▶ **Material for this task**:

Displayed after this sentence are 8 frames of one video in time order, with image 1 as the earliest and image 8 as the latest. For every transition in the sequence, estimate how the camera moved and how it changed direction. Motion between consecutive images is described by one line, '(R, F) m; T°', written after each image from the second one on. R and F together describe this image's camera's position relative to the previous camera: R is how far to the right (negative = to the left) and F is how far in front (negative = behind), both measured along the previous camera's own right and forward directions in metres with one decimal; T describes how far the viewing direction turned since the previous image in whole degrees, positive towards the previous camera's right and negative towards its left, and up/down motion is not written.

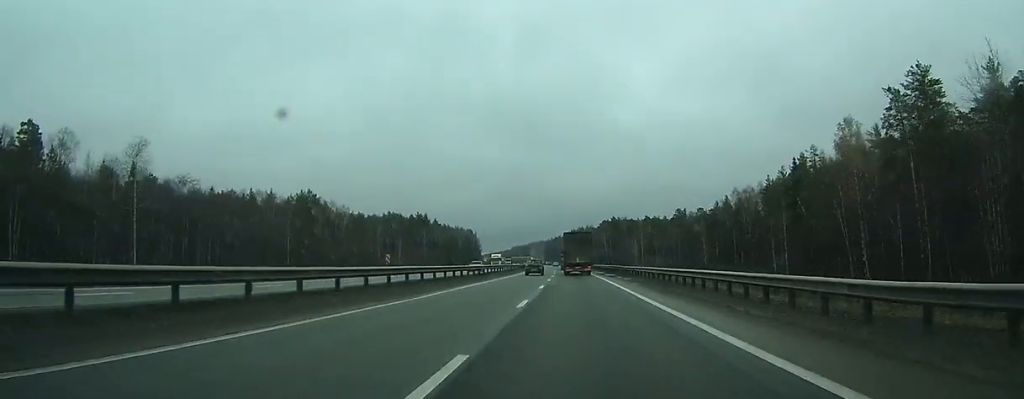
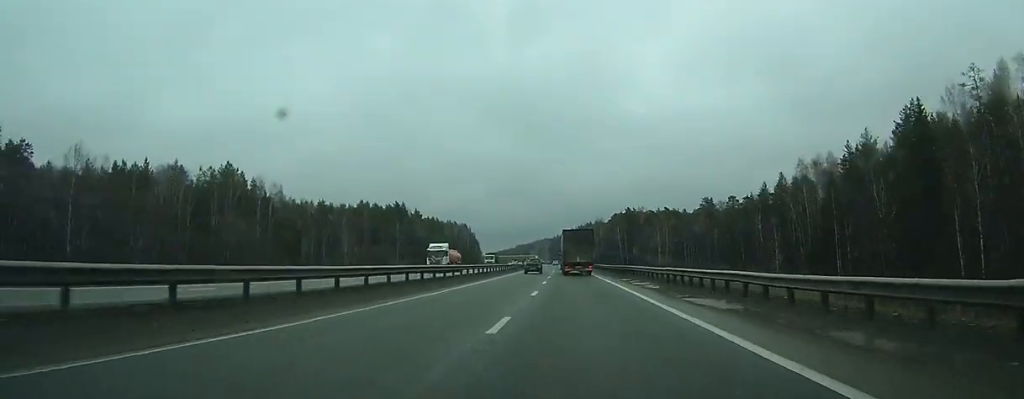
(-0.6, +42.1) m; -1°
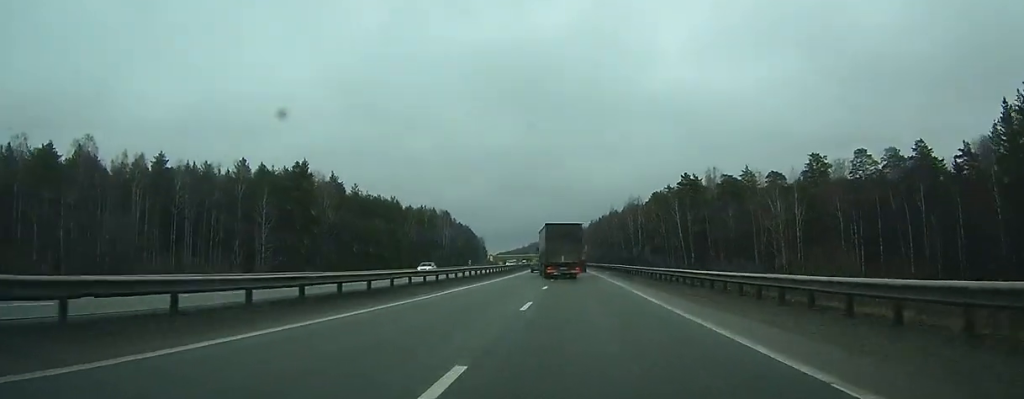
(-2.0, +90.2) m; -2°
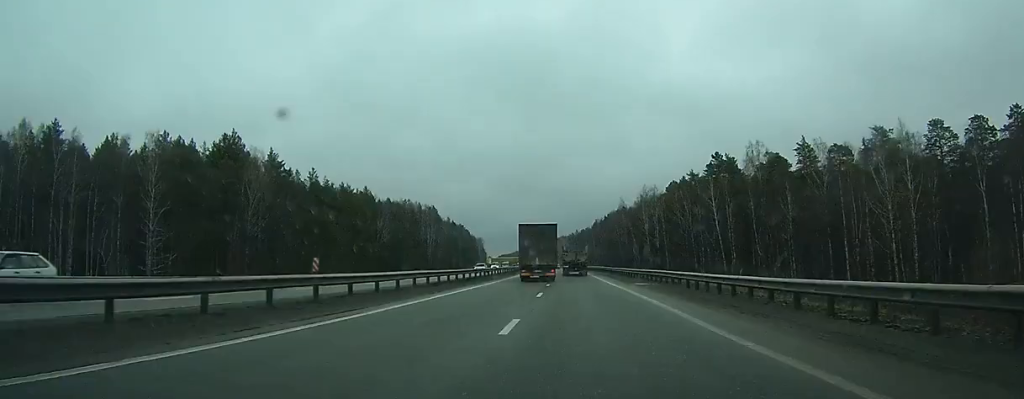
(-0.1, +29.2) m; 0°
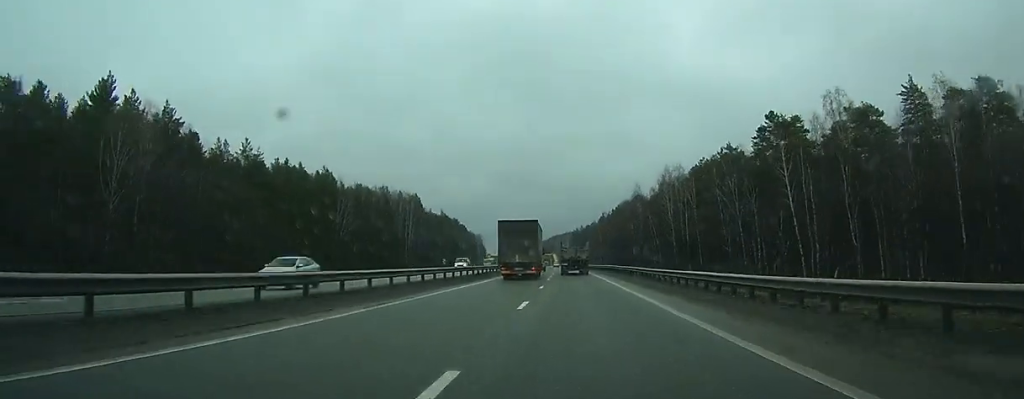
(+0.1, +30.5) m; 0°
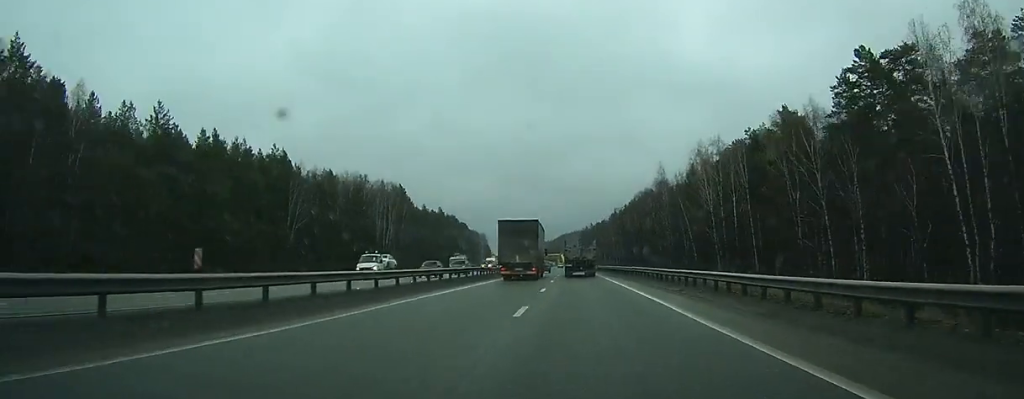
(0.0, +27.0) m; -1°
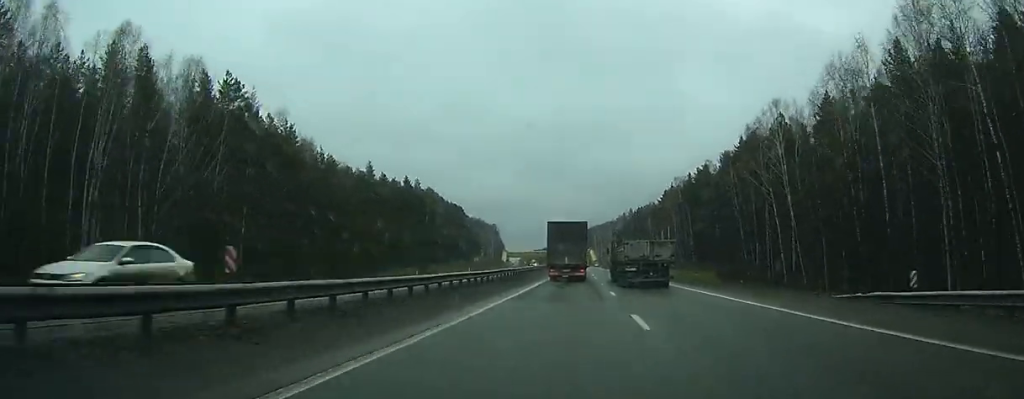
(-2.4, +97.3) m; -2°
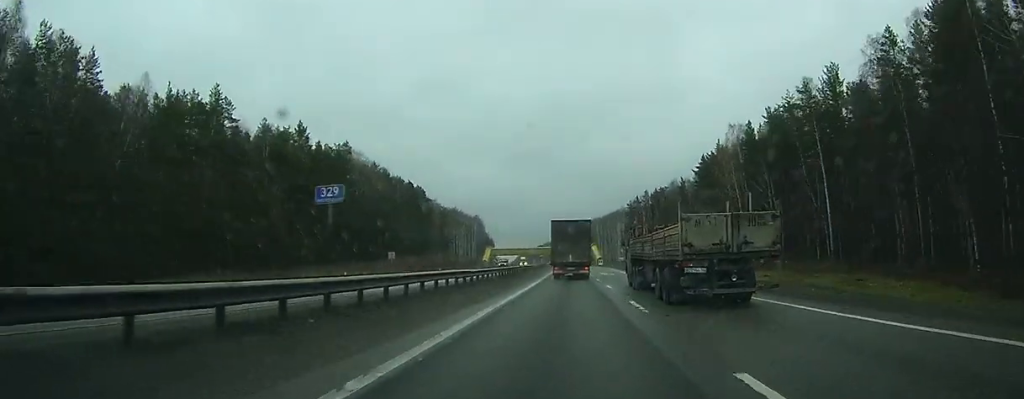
(+0.5, +66.7) m; +1°

▶ **Problem to work on**:
Wherever an image appears, omit it, and retype everything else in the entries exactly.

▶ **Output**:
Displayed after this sentence are 8 frames of one video in time order, with image 1 as the earliest and image 8 as the latest. For every transition in the sequence, estimate how the camera moved and how it changed direction. Motion between consecutive images is described by one line, '(R, F) m; T°', written after each image from the second one on. R and F together describe this image's camera's position relative to the previous camera: R is how far to the right (negative = to the left) and F is how far in front (negative = behind), both measured along the previous camera's own right and forward directions in metres with one decimal; T describes how far the viewing direction turned since the previous image in whole degrees, positive towards the previous camera's right and negative towards its left, and up/down motion is not written.

(-0.6, +42.1) m; -1°
(-2.0, +90.2) m; -2°
(-0.1, +29.2) m; 0°
(+0.1, +30.5) m; 0°
(0.0, +27.0) m; -1°
(-2.4, +97.3) m; -2°
(+0.5, +66.7) m; +1°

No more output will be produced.